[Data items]
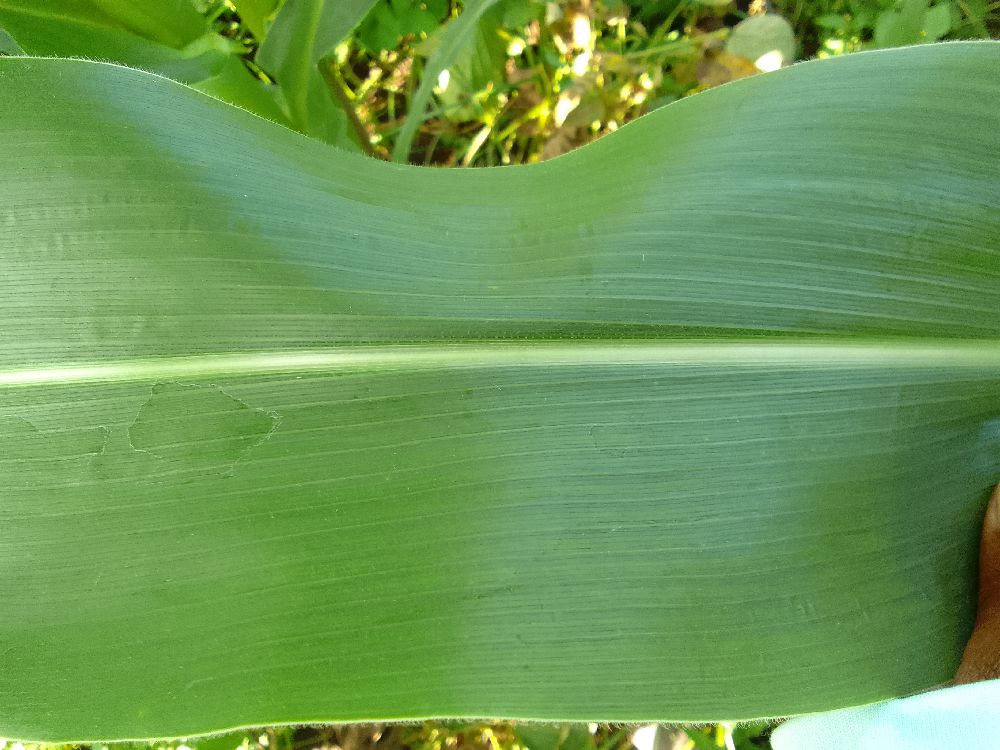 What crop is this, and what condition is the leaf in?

maize, healthy
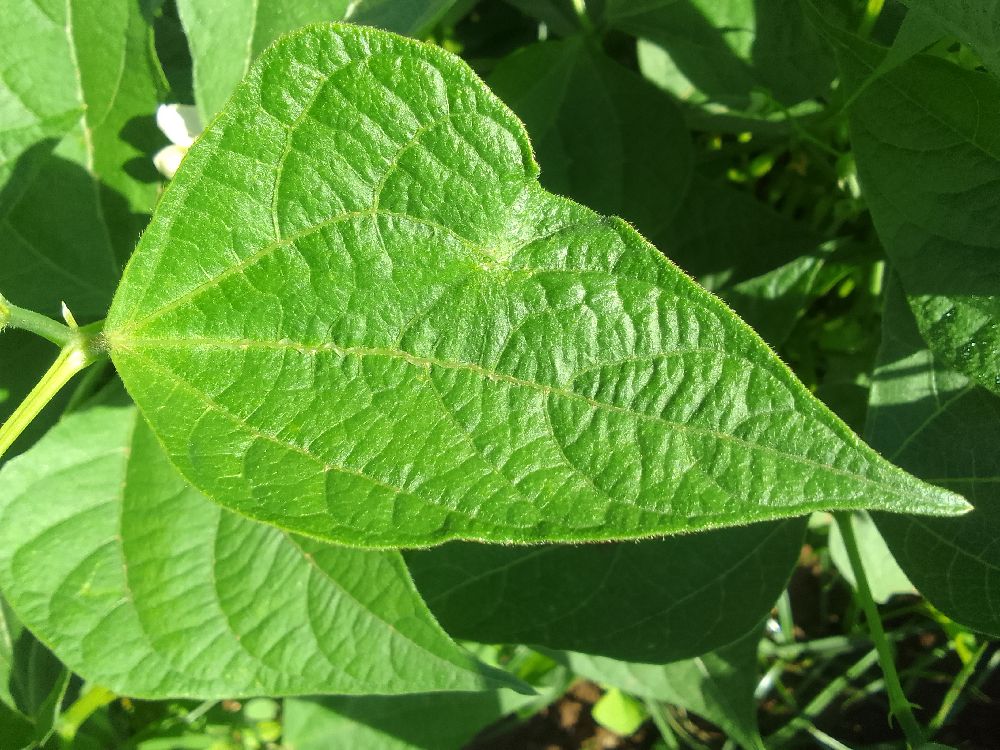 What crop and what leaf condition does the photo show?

common bean, healthy
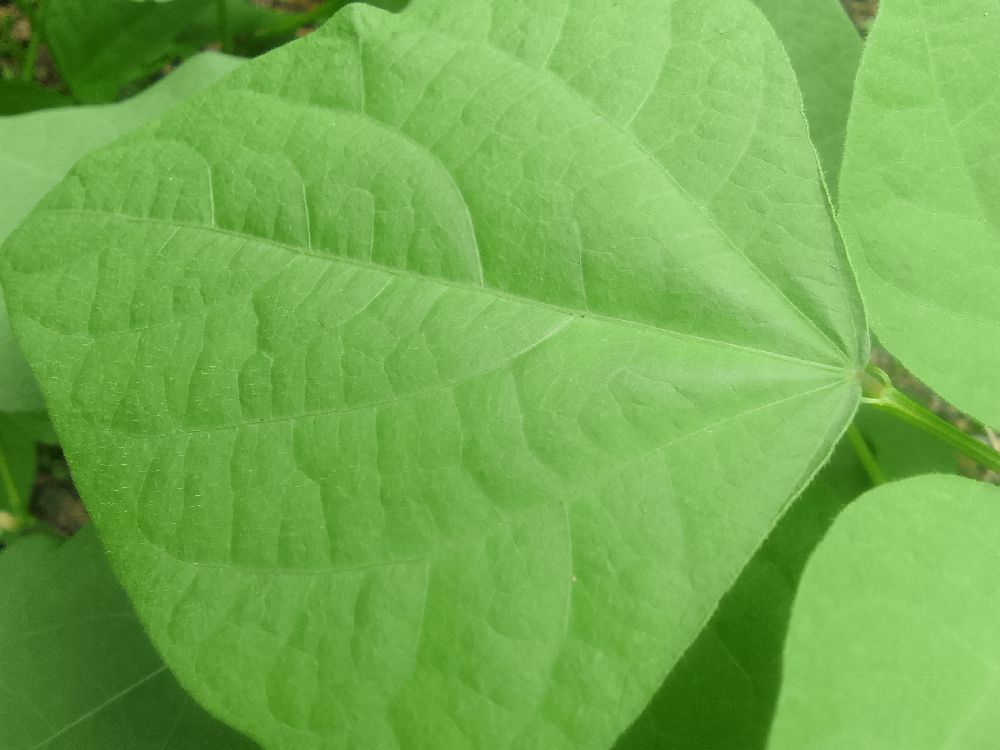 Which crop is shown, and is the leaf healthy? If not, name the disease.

common bean, healthy
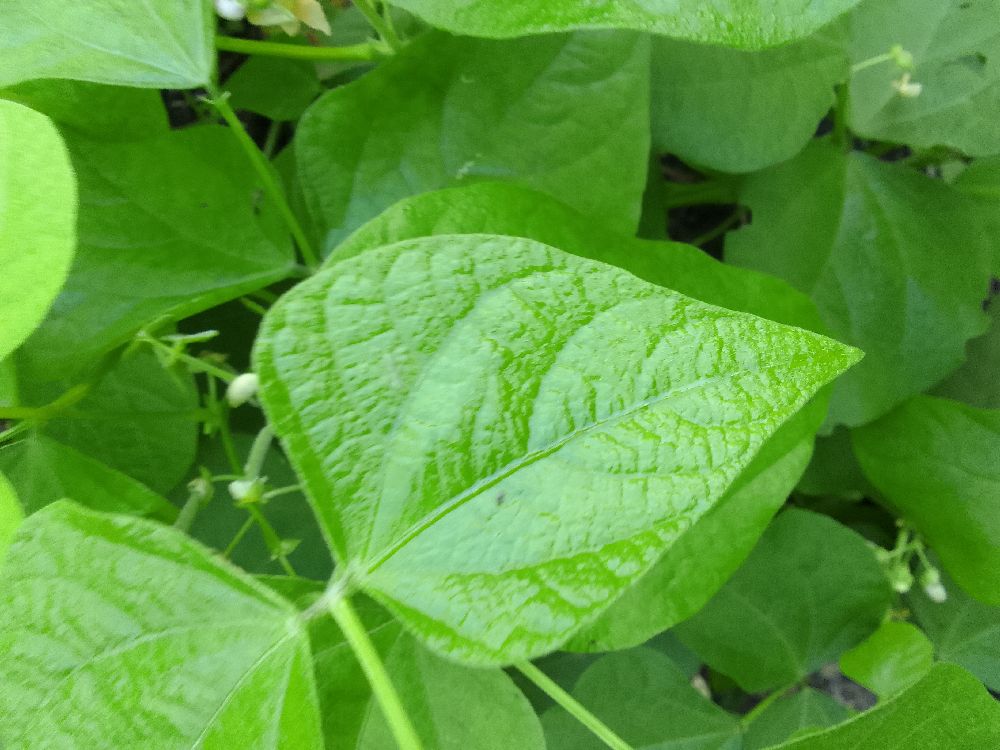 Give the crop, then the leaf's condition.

common bean, healthy
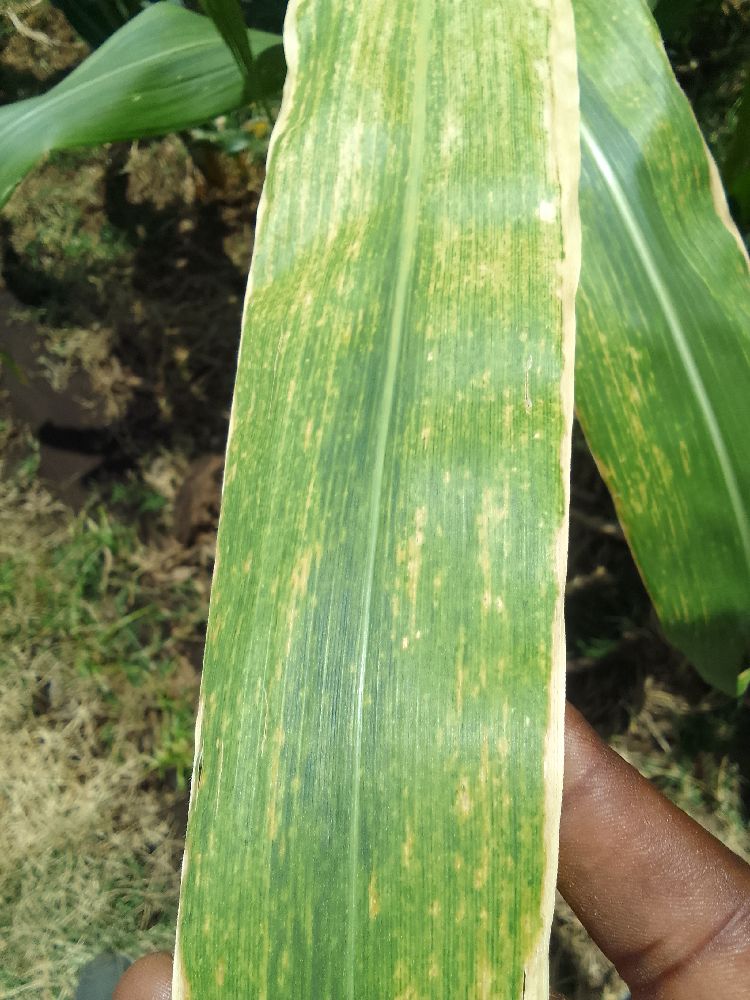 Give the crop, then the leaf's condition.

maize, maize lethal necrosis
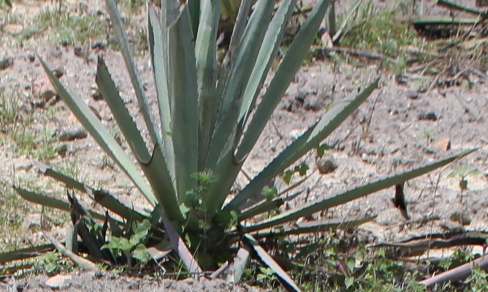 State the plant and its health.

agave, small

— EXERCISE —
The records above should be reproduced exactly, with no pictures included.

— RESPONSE BOX —
 What crop is this, and what condition is the leaf in?

maize, healthy
 What crop and what leaf condition does the photo show?

common bean, healthy
 Which crop is shown, and is the leaf healthy? If not, name the disease.

common bean, healthy
 Give the crop, then the leaf's condition.

common bean, healthy
 Give the crop, then the leaf's condition.

maize, maize lethal necrosis
 State the plant and its health.

agave, small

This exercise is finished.